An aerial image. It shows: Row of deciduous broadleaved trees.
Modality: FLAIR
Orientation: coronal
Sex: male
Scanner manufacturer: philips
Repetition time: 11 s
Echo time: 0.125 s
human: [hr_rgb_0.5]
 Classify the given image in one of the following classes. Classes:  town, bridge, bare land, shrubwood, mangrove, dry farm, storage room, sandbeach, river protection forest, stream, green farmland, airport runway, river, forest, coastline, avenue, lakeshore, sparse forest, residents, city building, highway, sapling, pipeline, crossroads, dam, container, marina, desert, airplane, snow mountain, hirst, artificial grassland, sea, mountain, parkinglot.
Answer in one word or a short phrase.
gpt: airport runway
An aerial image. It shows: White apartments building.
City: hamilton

---

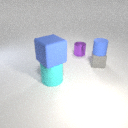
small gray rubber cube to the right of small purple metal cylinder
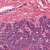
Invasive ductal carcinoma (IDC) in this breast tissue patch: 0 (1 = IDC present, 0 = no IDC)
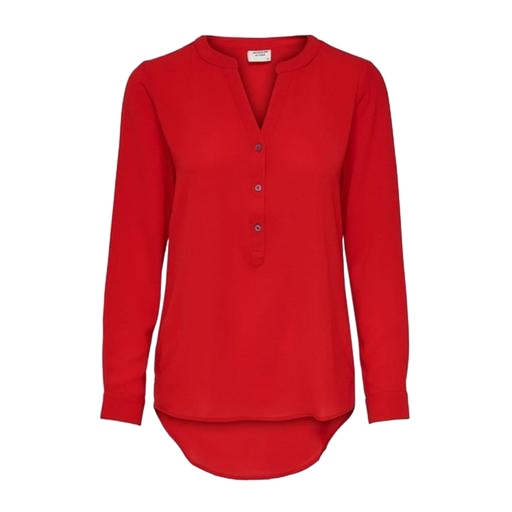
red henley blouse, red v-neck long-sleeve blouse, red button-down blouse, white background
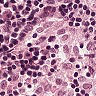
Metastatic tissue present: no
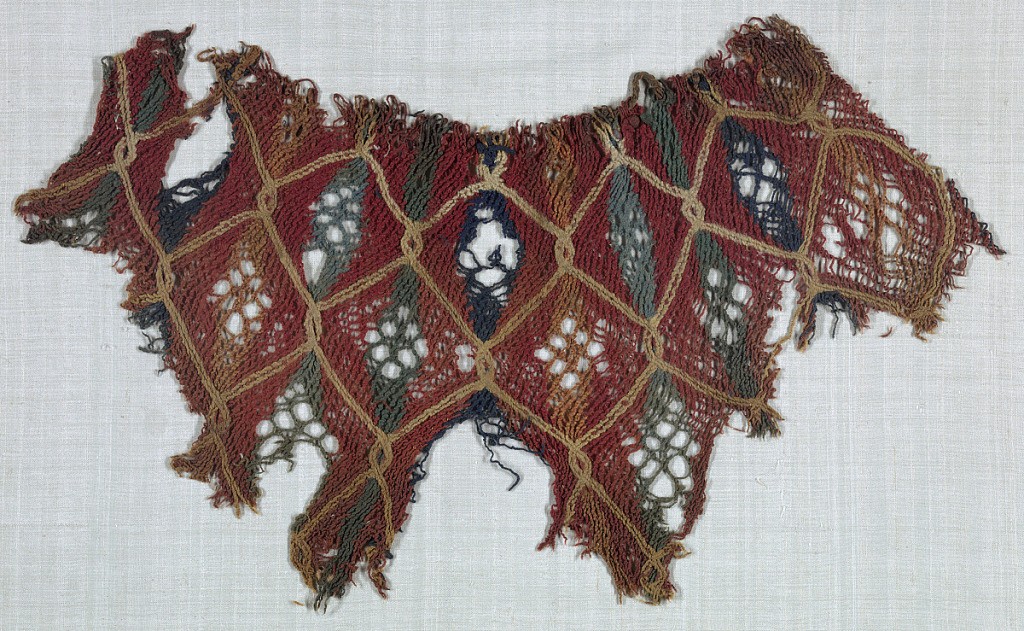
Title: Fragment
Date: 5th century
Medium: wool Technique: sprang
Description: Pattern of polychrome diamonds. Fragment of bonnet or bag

**Task requirements**
Above are the records. Copy the lines beginning at the one that has "An aerial image. It shows: Row" and ending with the one that has "City: hamilton", unchanged.

**Solution to this exercise**
An aerial image. It shows: Row of deciduous broadleaved trees.
Modality: FLAIR
Orientation: coronal
Sex: male
Scanner manufacturer: philips
Repetition time: 11 s
Echo time: 0.125 s
human: [hr_rgb_0.5]
 Classify the given image in one of the following classes. Classes:  town, bridge, bare land, shrubwood, mangrove, dry farm, storage room, sandbeach, river protection forest, stream, green farmland, airport runway, river, forest, coastline, avenue, lakeshore, sparse forest, residents, city building, highway, sapling, pipeline, crossroads, dam, container, marina, desert, airplane, snow mountain, hirst, artificial grassland, sea, mountain, parkinglot.
Answer in one word or a short phrase.
gpt: airport runway
An aerial image. It shows: White apartments building.
City: hamilton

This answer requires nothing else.